Антошка спал, когда расстреливали его дружка. Я не хотел сказать правду.
– В плен? Это ладно! – сказал Петроград. – Не попрощался, сволочь! Ну да ладно!..
Он сплюнул окурок, висевший у него на губе, и продолжал играть и петь про мать Раcею:
Во станок поставела,
Кудри бреть заставела.
Кудри бреють – не жалеють,
И стригуть – не берегуть.
Тирли да тирли, солдатирли,
Али брави компаньон.
Антон грелся и пел. Он был доволен, что наконец кончилось лесное приключение, и сразу, легко и быстро, вошел в колею ротной обыденщины.
Но были в роте и люди, которых не устраивало внезапное возвращение легионера второго класса Петрограда. Старший писарь Аннион давно вычеркнул легионера Петрограда из списков на довольствие, зачислив его в убитые или пропавшие без вести. Теперь легионер Петроград является. На зачисление в списки нужен наряд. По чьему наряду явился Петроград?
– Да! По чьему наряду? Позовите-ка его сюда!
Антон быстро оделся и стоял перед Аннионом, вытянувшись и выпятив грудь, как его учили еще в русской казарме.
– Ну! По чьему наряду?
Антон не отвечал: он не понимал вопроса.
– По чьему наряду? Объясните ему, пожалуйста, этому кретину, вашему земляку, что в Легионе ждут человека три дня. Кто приходит после этого срока, не должен разыгрывать из себя привидение с гармошкой. Он – дезертир. Точка. Все.
Это и было то, чего я пуще всего опасался. Время было скверное: командование было раздражено проигрышем сражения. Всего несколько дней назад нам вдалбливали в головы, что это сражение положит конец войне. «Мир лежит по ту сторону плато», – говорили нам.
А на деле вышло, что оттуда вернулась лишь кучка солдат; кто не погиб в бою, погибал без помощи в госпиталях, а немецкая линия осталась нетронутой, и конца войны по-прежнему не было видно.
Чтобы не дать нам опомниться, нас изнуряли ночными переходами, нас гоняли по горам и болотам, заставляли упражняться в маршировке, стрельбе, наколке чучела, словесности и отдании чести.
Полевые суды заседали беспрерывно. Они были завалены делами, которые создавались для устрашения солдат и поддержания престижа начальства.

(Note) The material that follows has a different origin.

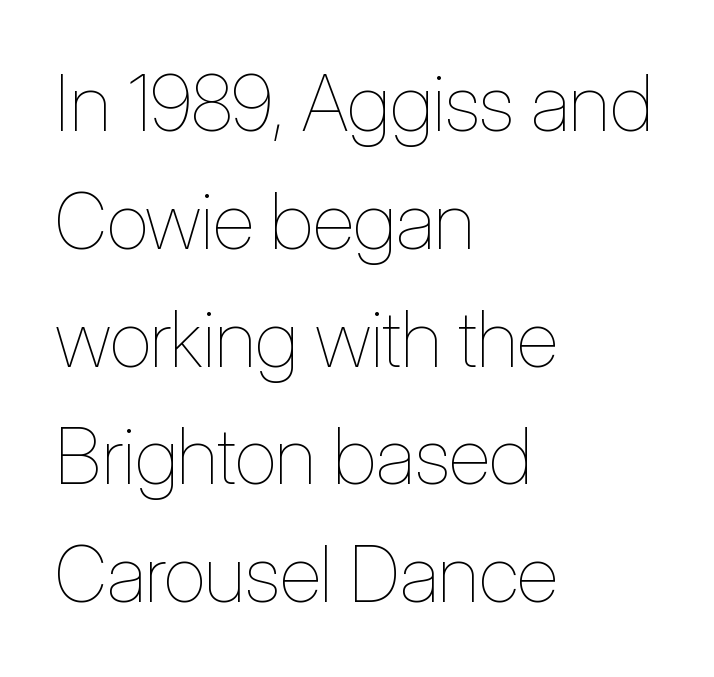
{"italic": "no", "bold": "no", "weight": "thin", "width": "condensed", "stroke_contrast": "low", "x_height": "medium", "monospaced": "no", "underline": "no", "align": "left", "line_spacing": "normal", "line_spacing_ratio": 1.51, "letter_spacing": "normal", "letter_spacing_em": 0.0, "glyph_px": 78}
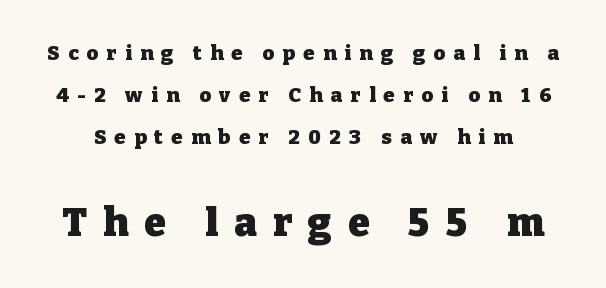
{"serif": "yes", "italic": "no", "bold": "yes", "weight": "heavy", "width": "normal", "stroke_contrast": "low", "x_height": "medium", "monospaced": "no", "underline": "no", "line_spacing": "loose", "line_spacing_ratio": 2.11, "letter_spacing": "wide", "letter_spacing_em": 0.42, "larger_block": "second", "size_ratio": 1.95, "glyph_px": 39}

Расстреляли зуава, который отказался надеть штаны, снятые с умершего. Расстреляли алжирского стрелка, который отказался от еды, потому что она протухла. Расстреляли артиллериста, который сказал, что война ему надоела.

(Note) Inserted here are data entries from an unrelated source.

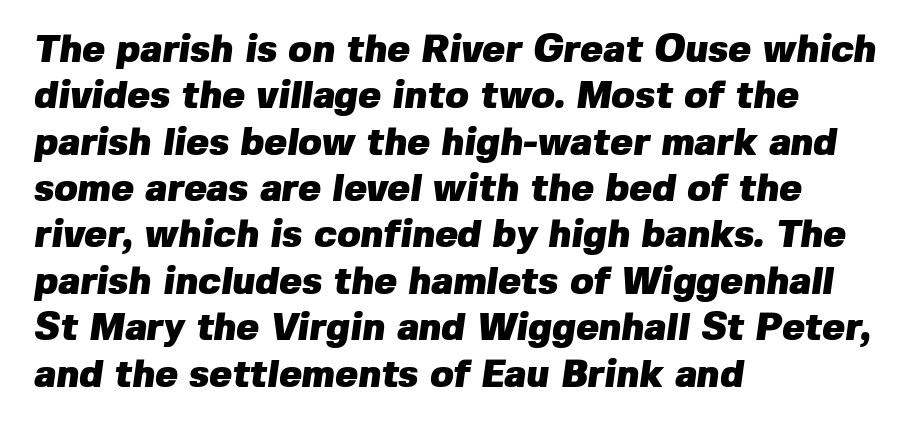
Q: Is the text bold? A: Yes.
Q: Is the typeface a serif or a sans-serif typeface? A: Sans-serif.
Q: Is the text underlined? A: No.
Q: How is the paragraph aligned? A: Left-aligned.
Q: Is the spacing between letters normal or unusually wide? A: Normal.
Q: Width (condensed, normal, or wide)? A: Normal.
Q: Stroke contrast? A: Low.
Q: x-height? A: Medium.
Q: Monospaced? A: No.
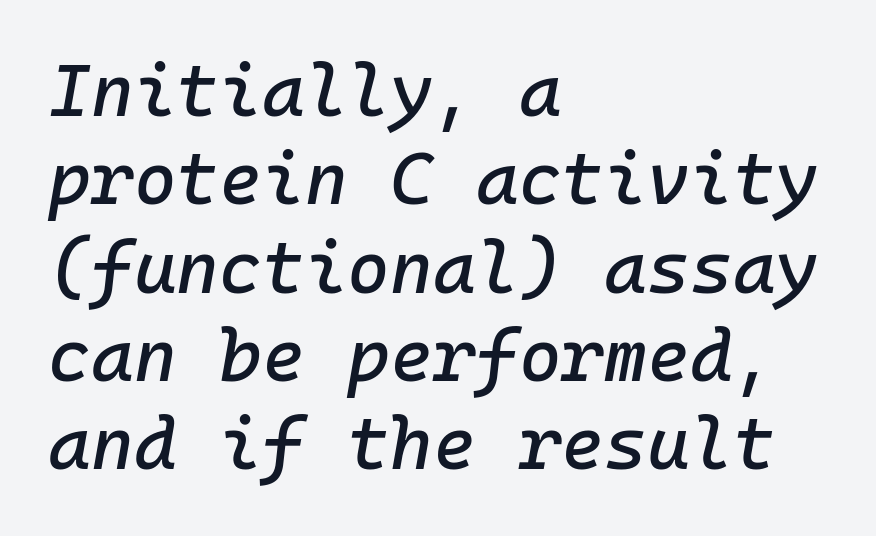
{"italic": "yes", "lean": "right", "slant_degrees": 10, "width": "normal", "stroke_contrast": "low", "x_height": "medium", "monospaced": "yes", "underline": "no", "align": "left", "line_spacing_ratio": 1.21, "letter_spacing": "normal", "letter_spacing_em": 0.0, "glyph_px": 73}

В ротах, в кабаках, на дорогах усердно искали, кого бы отдать под суд, и все были хороши, всех хватали.
– Пускай решит капитан Персье! – сказал Анни– он. – Пойду доложу ему, что легионер Петроград вернулся. Не знаю… Все-таки шестой день… Это дезертирство.
– Слушайте, писарь, – сказал я, – вы отдаете себе отчет? Ведь капитан Персье пошлет его на расстрел… А за что? Парень не сделал ничего дурного. Просто он заблудился… За что же его убивать? Ведь все-таки он волонтер, он защищает Францию по своей доброй воле…
Я искал, что бы мне еще придумать в защиту Антошки. Но Аннион не дал мне говорить.
– Оставьте меня в покое! – оборвал он. – Что я вам, нянька для всей второй роты? Неужели я обязан крутиться и вертеться с каждым в отдельности и вникать, кто где шлялся? Да этак меня надолго не хватит!
Он направился к землянке капитана.
Лум-Лум слышал конец нашего разговора.
– Считай, что у тебя одним земляком меньше, – сказал он мне.
Напоминание было совершенно излишне: я и сам понимал, что если судьбу Антошки должен решать капитан Персье, то Антошке жить осталось не слишком долго.
Антон вошел в землянку к капитану, и вскоре мы услышали знакомый голос, похожий на звук, какой получается при трении деревом об дерево. Это наш капитан говорил с кем-то по телефону.
– Да, Петроград!.. Ну да, повторяю: Петроград!.. Нет, не столица России, а фамилия легионера второго класса… Черт его знает! Был списан в убитые. Его видели на плато. Он упал… Вернулся вчера вместе с немецким шпионом, который стрелял в лазарет. Их задержали в лесу, обоих одновременно… Слушаю, полковник…
Трубка была повешена.
– Отправьте его! – проскрипел капитан.
– Одевайтесь! – коротко перебросил Аннион Петрограду. – Пояс! Без штыка!
– Аннион! – сказал я писарю, когда Антошка побежал одеваться. – Теперь вы видите, что вы наделали? Его расстреляют! А за что?
– За что? – коротко бросил он мне в ответ. – Все равно он списан в убитые.
Но судьба Антона взволновала многих.
– Идем живо к лейтенанту Рейналю! – предложил Бейлин. – Рейналь заступится, он хороший парень.
Лейтенант Рейналь, наш полуротный, был мобилизованный школьный учитель. Он вместе с нами переносил все тягости окопной жизни и сделался нашим товарищем.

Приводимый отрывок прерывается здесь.